**Problem description**
Scan the records for the word "sans". Report each line where it occurs.

#### Data to examine

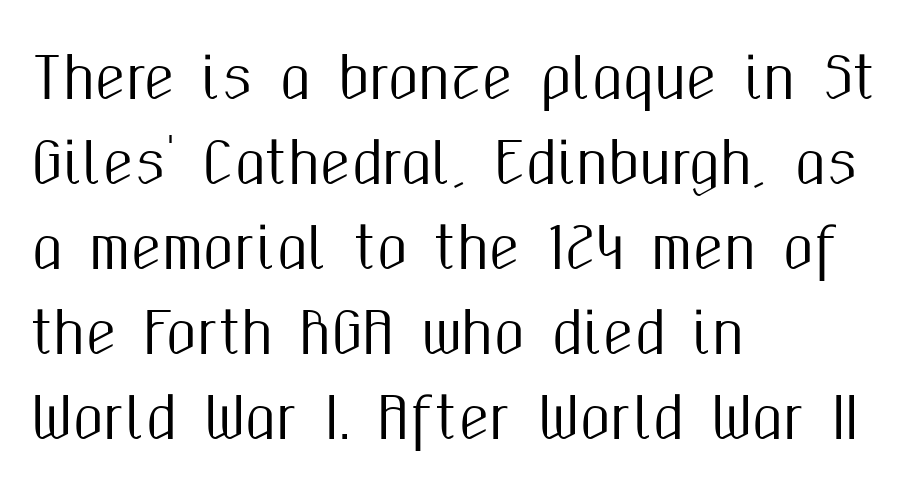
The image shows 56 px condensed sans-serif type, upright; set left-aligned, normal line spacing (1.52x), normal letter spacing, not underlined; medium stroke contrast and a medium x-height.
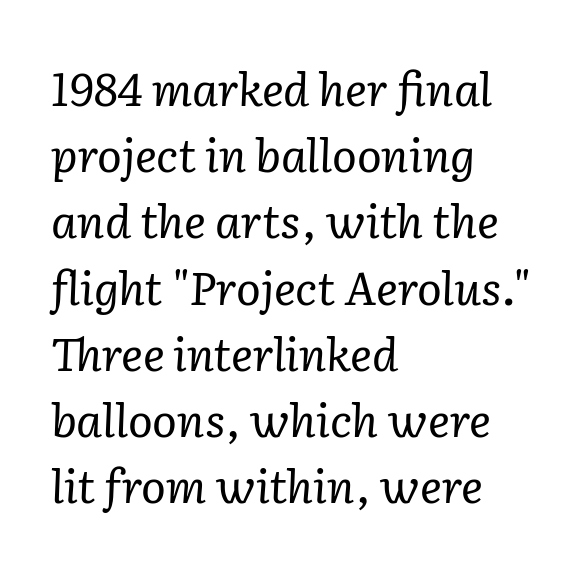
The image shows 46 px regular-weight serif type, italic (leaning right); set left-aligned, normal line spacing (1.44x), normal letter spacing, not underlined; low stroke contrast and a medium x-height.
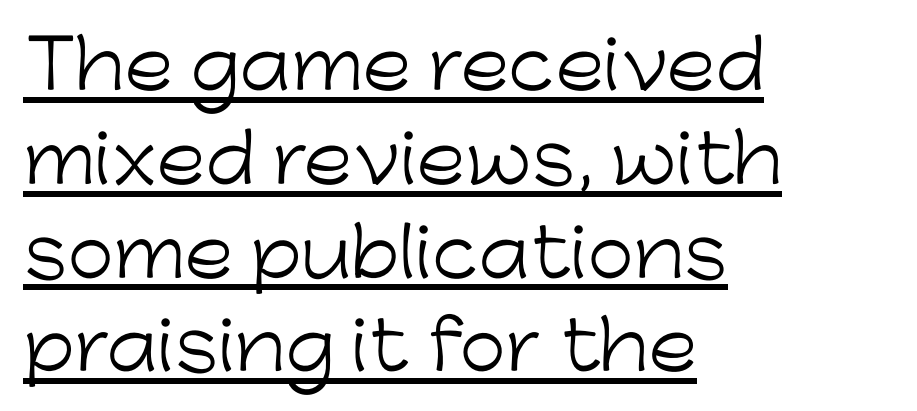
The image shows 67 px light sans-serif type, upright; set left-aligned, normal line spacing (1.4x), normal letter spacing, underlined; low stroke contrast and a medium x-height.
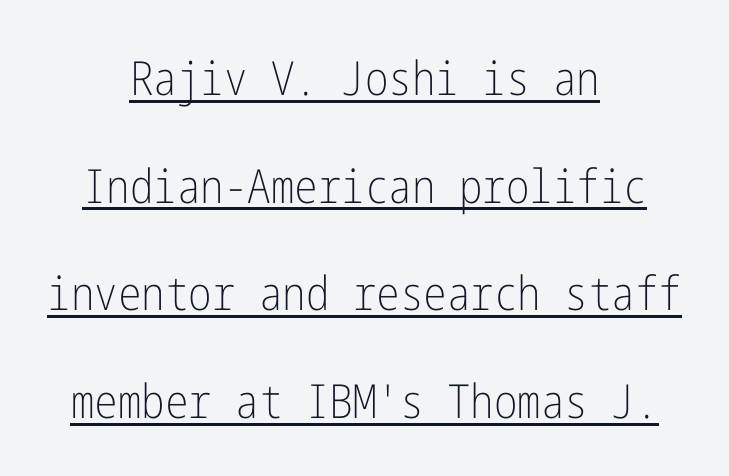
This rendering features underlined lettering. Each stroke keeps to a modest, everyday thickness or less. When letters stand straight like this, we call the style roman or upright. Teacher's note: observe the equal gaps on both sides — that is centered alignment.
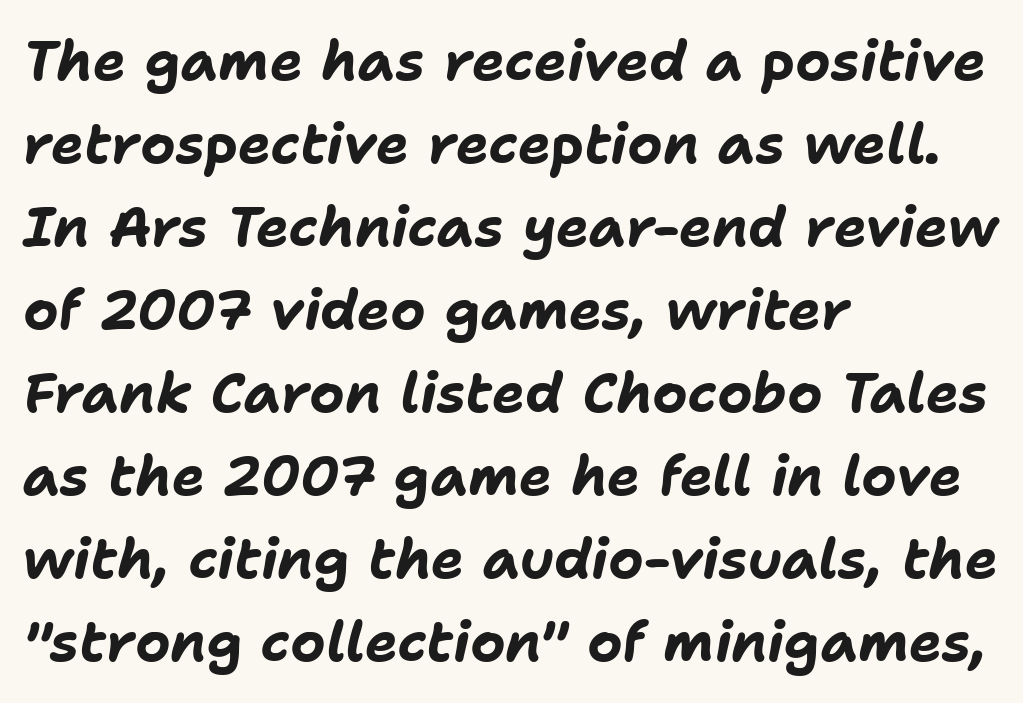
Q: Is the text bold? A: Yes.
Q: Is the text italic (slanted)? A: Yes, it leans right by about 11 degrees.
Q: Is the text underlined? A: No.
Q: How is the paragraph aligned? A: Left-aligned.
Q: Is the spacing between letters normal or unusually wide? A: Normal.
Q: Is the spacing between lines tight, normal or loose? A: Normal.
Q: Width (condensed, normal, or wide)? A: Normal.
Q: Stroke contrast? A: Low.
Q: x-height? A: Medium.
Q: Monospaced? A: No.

########

**Response**
The image shows 56 px condensed sans-serif type, upright; set left-aligned, normal line spacing (1.52x), normal letter spacing, not underlined; medium stroke contrast and a medium x-height.
The image shows 67 px light sans-serif type, upright; set left-aligned, normal line spacing (1.4x), normal letter spacing, underlined; low stroke contrast and a medium x-height.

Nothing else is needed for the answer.